Specimens subjected to the non-destructive extraction protocol remained suitable for subsequent DNA barcoding and taxonomic examination, as established through DNA amplification and sequencing of the DNA barcode region and the presence of taxonomic characters.
Our study showed that non-destructive DNA extraction could be used for preparing invertebrate samples for metabarcoding. It can allow many different taxa from samples used for metabarcoding to also be used for individual DNA barcoding and taxonomic examination, particularly at the larval/nymph stage. This can help reference DNA barcoding for species level identification, an important step given that incomplete DNA barcoding reference libraries remain a key limitation to identifying species when conducting metabarcoding of environmental samples (Aylagas, Borja & Rodriguez-Ezpeleta, 2014; Cristescu, 2014; Carew et al., 2017; Elbrecht et al., 2017). In addition, using a non-destructive extraction method can facilitate ‘more targeted’ production of DNA barcoding reference libraries, particularly where samples have first been identified to coarser taxonomic levels (i.e., family/genus), such as those from rapid bioassessment surveys (i.e., Carew et al., 2016; Elbrecht et al., 2017) as it enables specimens to be examined after they are metabarcoded. In this case, metabarcoding can be conducted first and specimens without DNA barcodes can be recognized later based on morphological examination. These taxa can be removed from samples and be targeted for individual DNA barcoding and further taxonomic investigation to build DNA barcode library coverage. This process is particularly useful for areas where routine surveys are conducted or for sites which are repeatedly surveyed, leading to locally comprehensive DNA reference libraries for determining species diversity. With further testing, non-destructive extraction may become particularly useful when invertebrate samples cannot be destroyed for metabarcoding, such as those in archived or museum collections (i.e., Carew et al., 2016).

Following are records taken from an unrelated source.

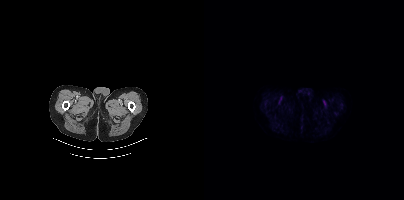
{"pet_grid":[200,200],"coord_frame":"pet_panel","coord_format":"x0,y0,x1,y1","psma_avid_lesions":false,"modality":"PSMA PET/CT","view":"axial","tracer":"18F-PSMA"}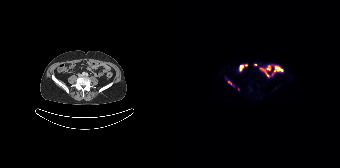
{"pet_grid":[168,168],"coord_frame":"pet_panel","coord_format":"x0,y0,x1,y1","lesion_bboxes":[],"small_foci_centers":[[57,82]],"modality":"PSMA PET/CT","view":"axial","tracer":"[18F]PSMA-1007"}
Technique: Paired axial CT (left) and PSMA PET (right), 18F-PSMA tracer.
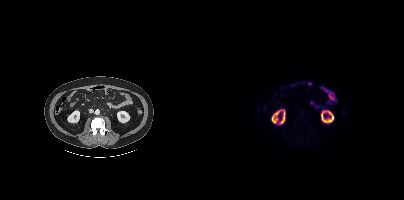
Findings: Negative for PSMA-avid disease on this slice.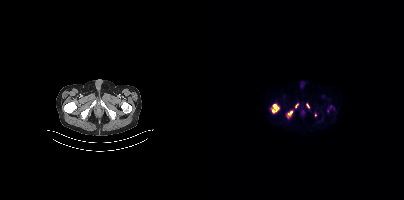
modality: PSMA PET/CT | tracer: 18F-PSMA | view: axial | PET grid: 200×200
Coordinates are on the 200×200 PET (right) panel. (showing 5 of 7 foci) PSMA-avid tumor lesion bounding boxes (x, y, width, height): x=67 y=104 w=9 h=9 | x=83 y=111 w=6 h=8. Small PSMA-avid foci (2 to 4 px across) near (center x, center y): (103, 105) | (92, 105) | (111, 114).
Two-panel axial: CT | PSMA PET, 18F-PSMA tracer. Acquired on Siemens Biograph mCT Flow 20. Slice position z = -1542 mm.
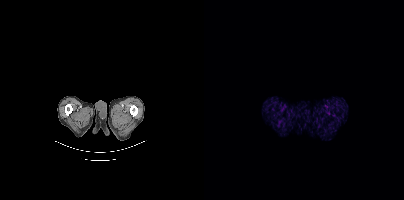
This slice has no annotated PSMA-avid lesion.

While more reliable detection of biodiversity (see Elbrecht & Leese, 2017) may be possible with DNA extraction protocols using complete homogenization and replication of the extraction step, we did not to compare the effect of replication at the extraction step in this study. Therefore, it was unclear whether replication would improve the detection of taxa using non-destructive extraction. However, we did complete technical replication of one sample for each extraction method when metabarcoding. This revealed that our metabarcoding was highly reproducible, with same taxa detected in each replicate when using non-destructive extraction. While the other two extraction methods failed to detect one taxon represented by a low number of reads between replicates. This showed that for this sample replication of the metabarcoding step was not important for increasing detection of biodiversity. However, replication of more samples would be useful to determine if this is always the case.

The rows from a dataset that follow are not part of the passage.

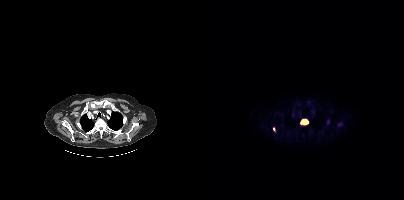
- Paired axial CT (left) and PSMA PET (right), [18F]PSMA-1007 tracer
- acquired on Siemens Biograph mCT Flow 20
- slice position z = -950 mm
- PET panel 200×200 px (4.1 mm/px)
Findings: Coordinates are on the 200×200 PET (right) panel. PSMA-avid tumor lesion bounding box (x0, y0)-(x1, y1): (96, 118)-(105, 124). Small PSMA-avid focus (2 to 4 px across) near (center x, center y): (69, 129).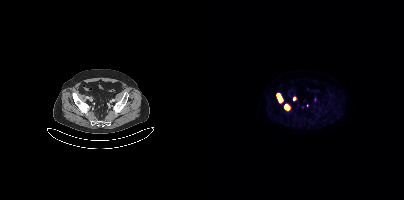
Coordinates are on the 200×200 PET (right) panel. PSMA-avid tumor lesion bounding boxes (x, y, width, height): x=73 y=94 w=6 h=9 / x=80 y=104 w=6 h=6. Small PSMA-avid focus (2 to 4 px across) near (center x, center y): (90, 98). Left: CT. Right: PSMA PET, same axial level, 18F-PSMA tracer. Acquired on Siemens Biograph mCT Flow 20.

Overall, species detection success for the extraction methods trialled in this study were similar to those employed by other metabarcoding studies using invertebrate samples (Gibson et al., 2014; Elbrecht & Leese, 2015; Carew et al., 2016; Elbrecht, Peinert & Leese, 2017; Elbrecht et al., 2017). We found the number of species detected with metabarcoding in samples prepared using non-destructive DNA extraction were similar to those where small taxa were dissected or whole individuals homogenized. Moreover, large taxa which were processed via homogenization in all extraction methods were mostly detected at a similar rate to those prepared using non-destructive DNA extraction.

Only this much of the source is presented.